No existing shareholders have indicated an interest to purchase shares at the IPO price, a common feature of life science IPOs.
Assuming a successful IPO, the company’s enterprise value at IPO would approximate $368.9 million, excluding the effects of underwriter over-allotment options.
Management says it will use the net proceeds from the IPO as follows:
approximately $35 million to $40 million to continue the regulatory approval process for and fund the commercial launch, if approved, of arimoclomol for the treatment of NPC;
approximately $10 million to $15 million to advance the clinical development of arimoclomol for the treatment of ALS;
approximately $8 million to $12 million to advance the clinical development of arimoclomol for the treatment of sIBM;
approximately $2 million to $3 million to advance the clinical development of arimoclomol for the treatment of neurological Gaucher disease; and
the remaining amounts for working capital and general corporate purposes, including to fund the development of our next generation of HSP amplifiers.
Management’s presentation of the company roadshow is available here.
Listed bookrunners of the IPO are BofA Securities, Cowen, Guggenheim Securities and Danske Markets.
Orphazyme is seeking U.S. public investment capital to advance its programs for its only compound, arimoclomol.
The individual market opportunities for the four targeted diseases are not large, but taken together represent a significant opportunity for the firm.
Management says it believed arimoclomol could ‘benefit up to 100,000 patients in the United States and Europe[...] we believe that arimoclomol’s unique mechanism of action has potential therapeutic application across a broader range of lysosomal and neurodegenerative orphan diseases, several of which address significantly larger patient populations and target markets than those we are currently pursuing in our clinical development programs.’
The firm currently has no disclosed research or pharma collaborations.
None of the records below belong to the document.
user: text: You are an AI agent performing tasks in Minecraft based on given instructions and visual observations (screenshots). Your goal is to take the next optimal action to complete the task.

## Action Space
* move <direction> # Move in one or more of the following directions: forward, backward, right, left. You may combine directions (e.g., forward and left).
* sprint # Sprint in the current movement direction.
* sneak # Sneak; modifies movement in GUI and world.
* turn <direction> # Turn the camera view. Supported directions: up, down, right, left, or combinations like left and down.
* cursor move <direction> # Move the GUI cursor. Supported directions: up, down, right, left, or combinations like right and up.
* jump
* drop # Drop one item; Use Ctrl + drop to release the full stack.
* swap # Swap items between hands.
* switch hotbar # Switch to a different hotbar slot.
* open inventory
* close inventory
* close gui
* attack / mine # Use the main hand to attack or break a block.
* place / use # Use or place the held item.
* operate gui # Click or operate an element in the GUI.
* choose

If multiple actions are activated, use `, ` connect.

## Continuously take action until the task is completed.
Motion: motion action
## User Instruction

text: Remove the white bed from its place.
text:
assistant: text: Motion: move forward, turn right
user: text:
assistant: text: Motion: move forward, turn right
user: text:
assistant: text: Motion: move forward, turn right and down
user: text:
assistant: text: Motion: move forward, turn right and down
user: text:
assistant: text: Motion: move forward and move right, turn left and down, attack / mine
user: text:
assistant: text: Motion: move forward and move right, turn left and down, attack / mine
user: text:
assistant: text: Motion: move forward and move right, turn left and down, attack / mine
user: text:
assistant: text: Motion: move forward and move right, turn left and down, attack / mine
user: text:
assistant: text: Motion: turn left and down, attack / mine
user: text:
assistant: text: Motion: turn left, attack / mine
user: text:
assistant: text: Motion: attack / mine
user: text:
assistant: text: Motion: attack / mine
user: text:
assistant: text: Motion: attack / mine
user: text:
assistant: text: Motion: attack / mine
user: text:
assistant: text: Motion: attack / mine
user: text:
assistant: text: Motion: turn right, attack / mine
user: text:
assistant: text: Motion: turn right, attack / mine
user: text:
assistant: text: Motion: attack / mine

BofA Securities is the lead left underwriter and IPOs led by the firm over the last 12-month period have generated an average return of 72.9% since their IPO. This is a top-tier performance for all major underwriters during the period.
As to valuation, the IPO is priced within the typical range for clinical stage biopharma IPOs.
The case for ORPH is that management believes it has the basis for targeting far larger markets with its approach.
The problem is that it will take significant time to do so, time likely measured in years rather than months.
While a very long-term hold investor may favor ORPH, my bias is to the shorter or medium term time frame for typical investors.
Given the long-term nature of the firm’s opportunities, my opinion on the IPO is NEUTRAL.
Expected IPO Pricing Date: September 24, 2020.
(I have no position in any stocks mentioned as of the article date, no plans to initiate any positions within the next 48 hours, and no business relationship with any company whose stock is mentioned in this article. IPO stocks can be very volatile in the days immediately after an IPO. Information provided is for educational purposes only, may be in error, incomplete or out of date, and does not constitute financial, legal, or investment advice.)